Please restate every record below word for word and skip the pictures.
(Given data begins)
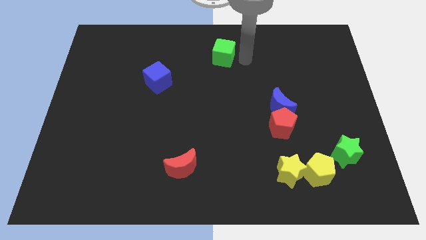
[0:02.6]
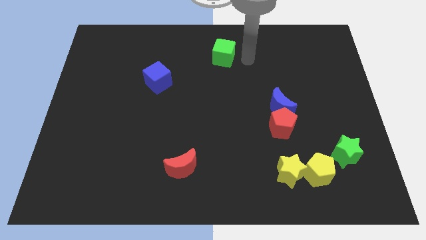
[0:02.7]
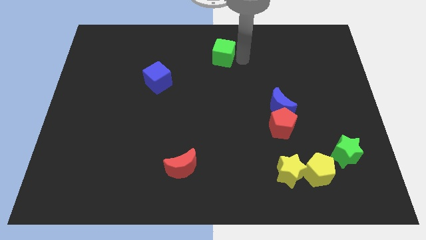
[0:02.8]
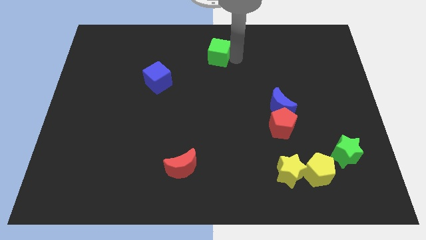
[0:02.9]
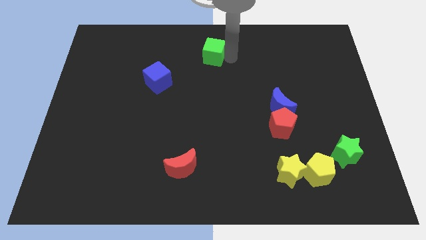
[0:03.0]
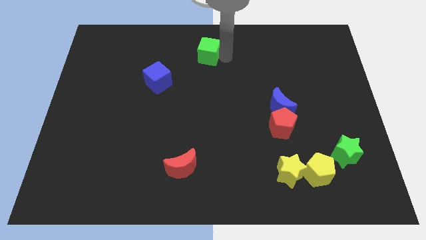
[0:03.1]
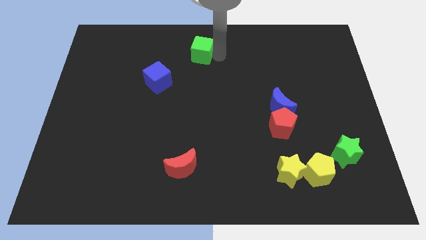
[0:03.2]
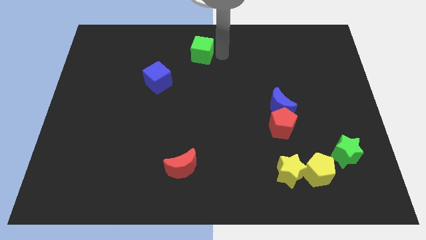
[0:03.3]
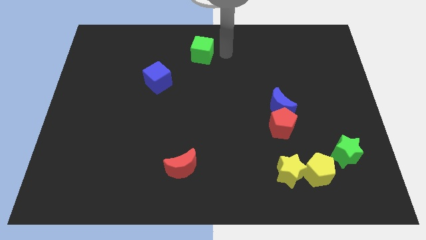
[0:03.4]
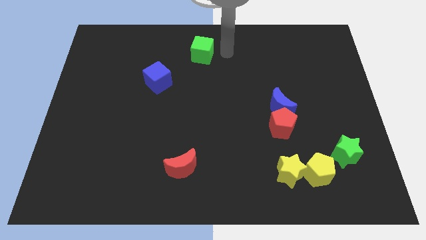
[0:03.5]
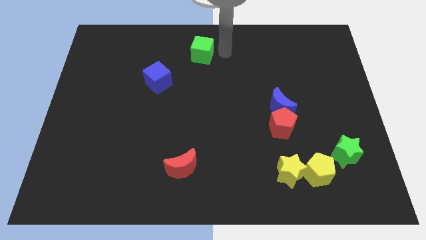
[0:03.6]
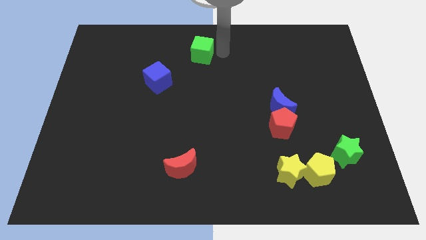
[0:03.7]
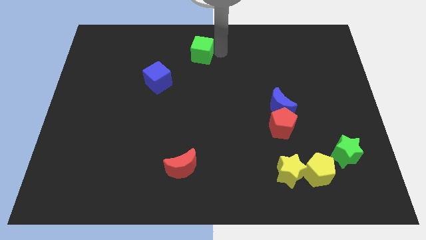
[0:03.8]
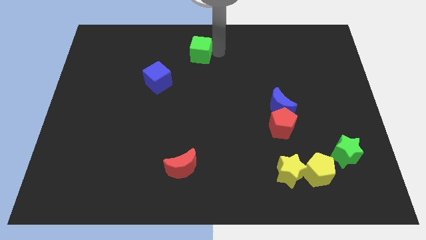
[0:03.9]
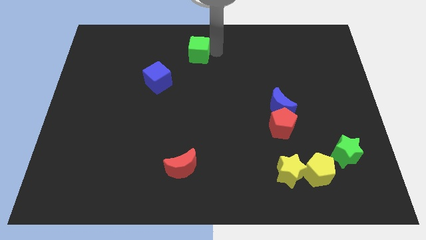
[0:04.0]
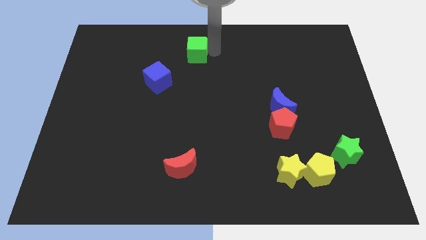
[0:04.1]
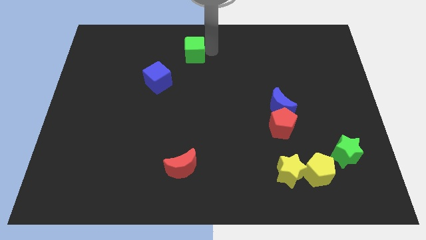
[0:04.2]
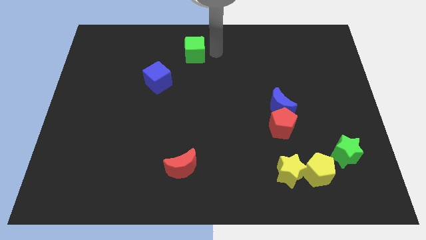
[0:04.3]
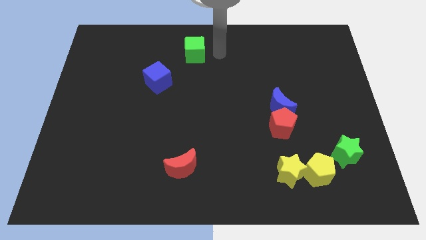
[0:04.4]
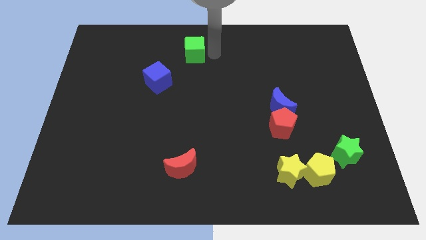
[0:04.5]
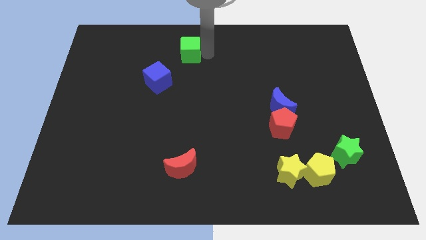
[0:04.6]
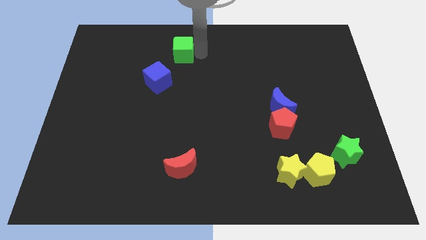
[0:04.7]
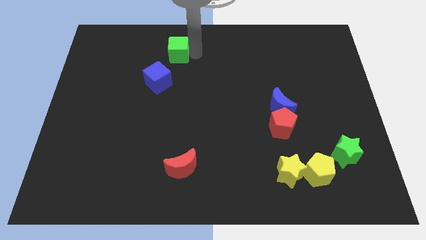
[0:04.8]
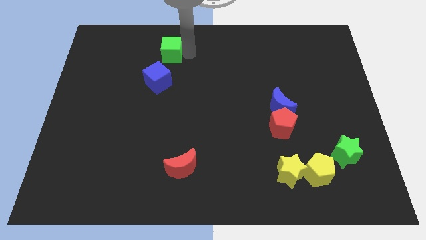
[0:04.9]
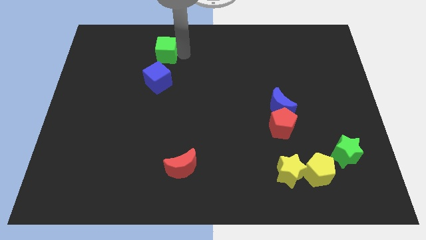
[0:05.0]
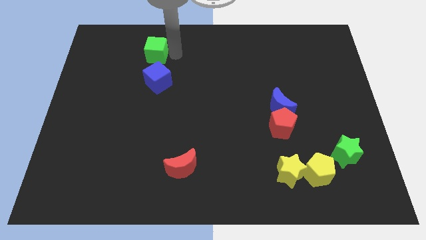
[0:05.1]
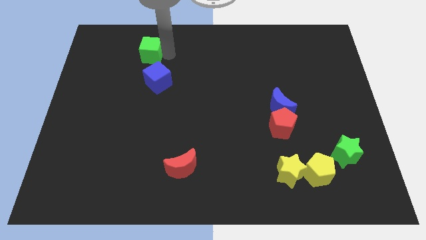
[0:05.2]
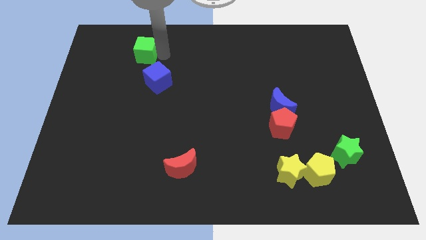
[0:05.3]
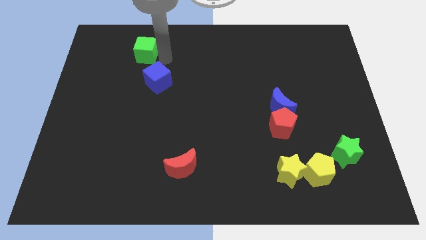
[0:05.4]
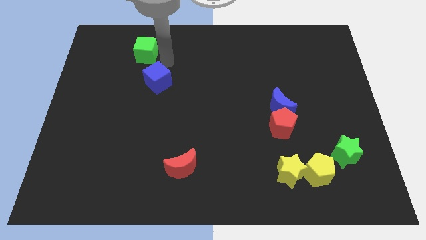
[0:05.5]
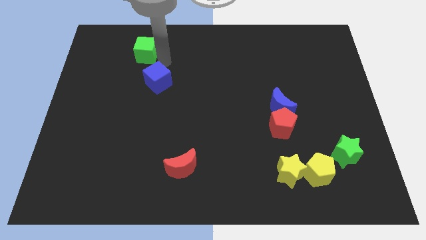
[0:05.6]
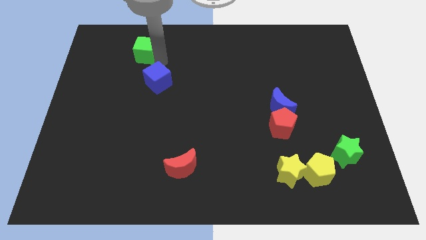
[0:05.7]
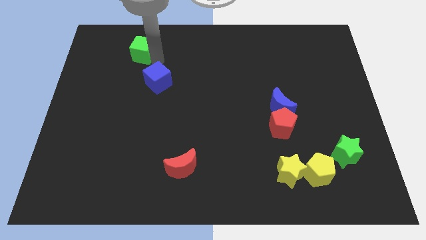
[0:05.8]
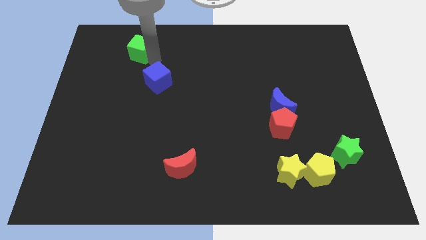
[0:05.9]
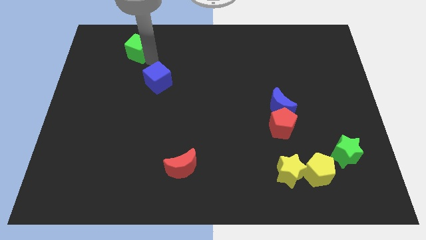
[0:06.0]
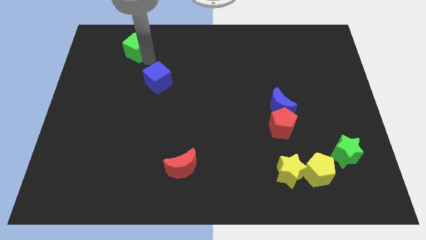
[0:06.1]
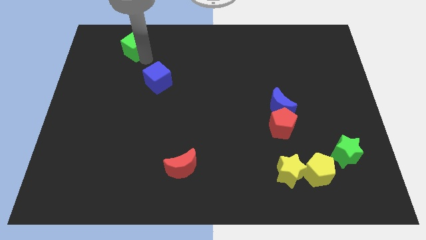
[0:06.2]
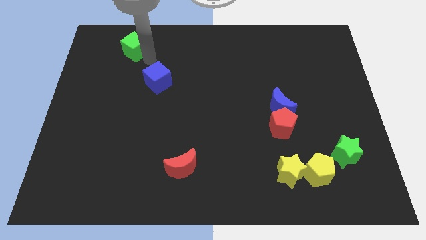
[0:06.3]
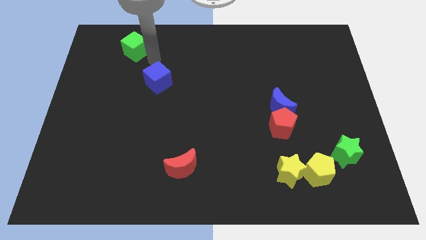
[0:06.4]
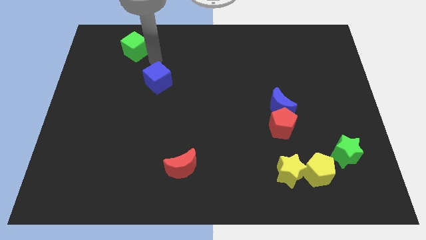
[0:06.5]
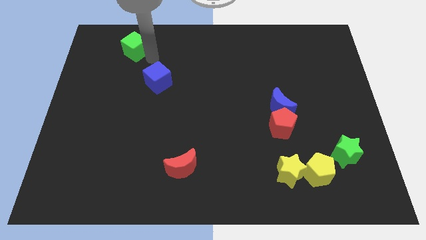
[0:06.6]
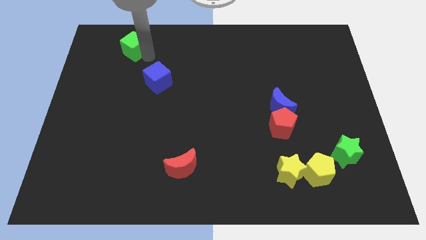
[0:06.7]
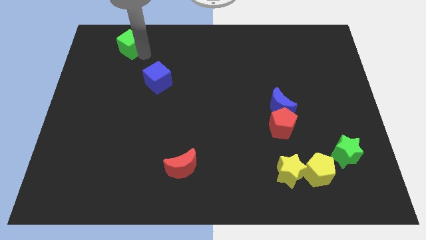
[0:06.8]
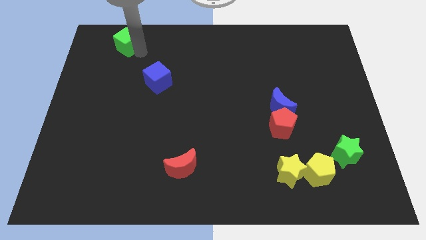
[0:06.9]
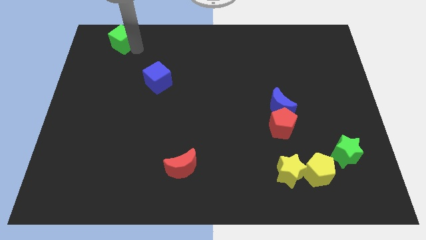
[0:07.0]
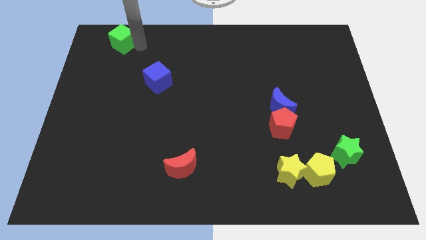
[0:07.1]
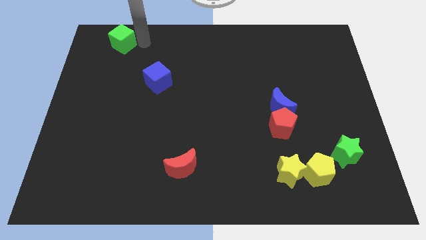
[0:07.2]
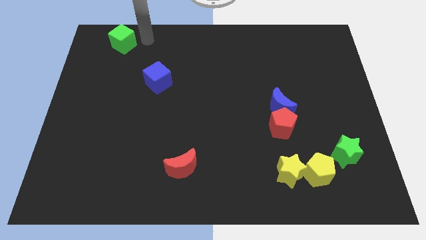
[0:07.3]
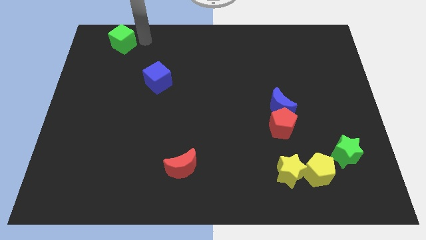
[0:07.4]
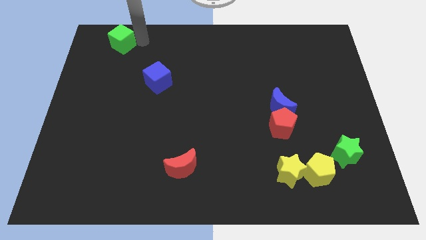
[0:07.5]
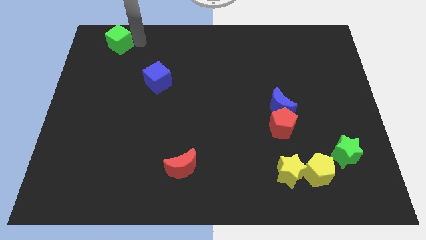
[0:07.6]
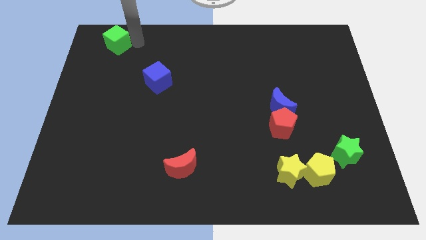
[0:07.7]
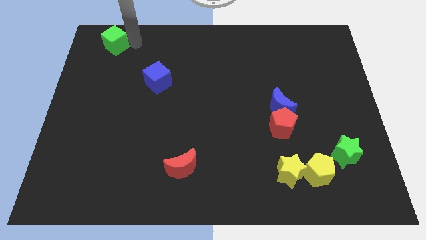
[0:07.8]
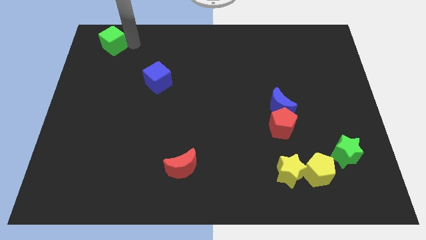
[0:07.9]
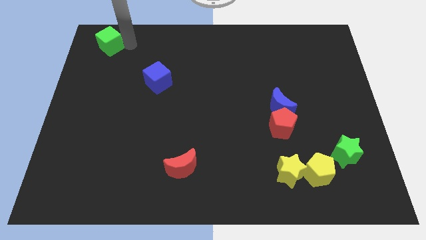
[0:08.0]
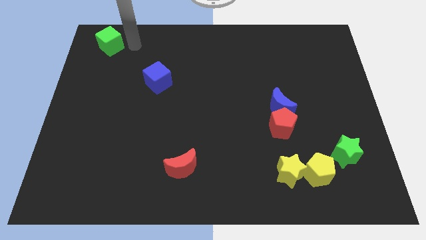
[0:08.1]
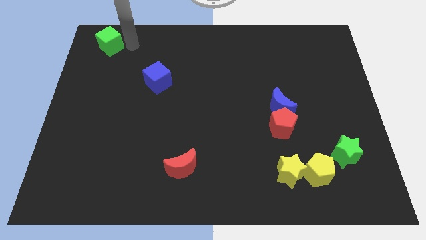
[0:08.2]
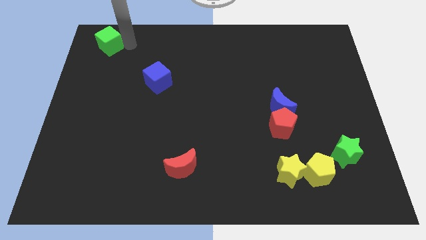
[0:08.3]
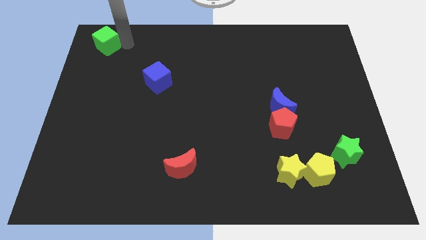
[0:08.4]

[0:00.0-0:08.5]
(Given data ends)
### Written answer
[0:02.6]
[0:02.7]
[0:02.8]
[0:02.9]
[0:03.0]
[0:03.1]
[0:03.2]
[0:03.3]
[0:03.4]
[0:03.5]
[0:03.6]
[0:03.7]
[0:03.8]
[0:03.9]
[0:04.0]
[0:04.1]
[0:04.2]
[0:04.3]
[0:04.4]
[0:04.5]
[0:04.6]
[0:04.7]
[0:04.8]
[0:04.9]
[0:05.0]
[0:05.1]
[0:05.2]
[0:05.3]
[0:05.4]
[0:05.5]
[0:05.6]
[0:05.7]
[0:05.8]
[0:05.9]
[0:06.0]
[0:06.1]
[0:06.2]
[0:06.3]
[0:06.4]
[0:06.5]
[0:06.6]
[0:06.7]
[0:06.8]
[0:06.9]
[0:07.0]
[0:07.1]
[0:07.2]
[0:07.3]
[0:07.4]
[0:07.5]
[0:07.6]
[0:07.7]
[0:07.8]
[0:07.9]
[0:08.0]
[0:08.1]
[0:08.2]
[0:08.3]
[0:08.4]

[0:00.0-0:08.5]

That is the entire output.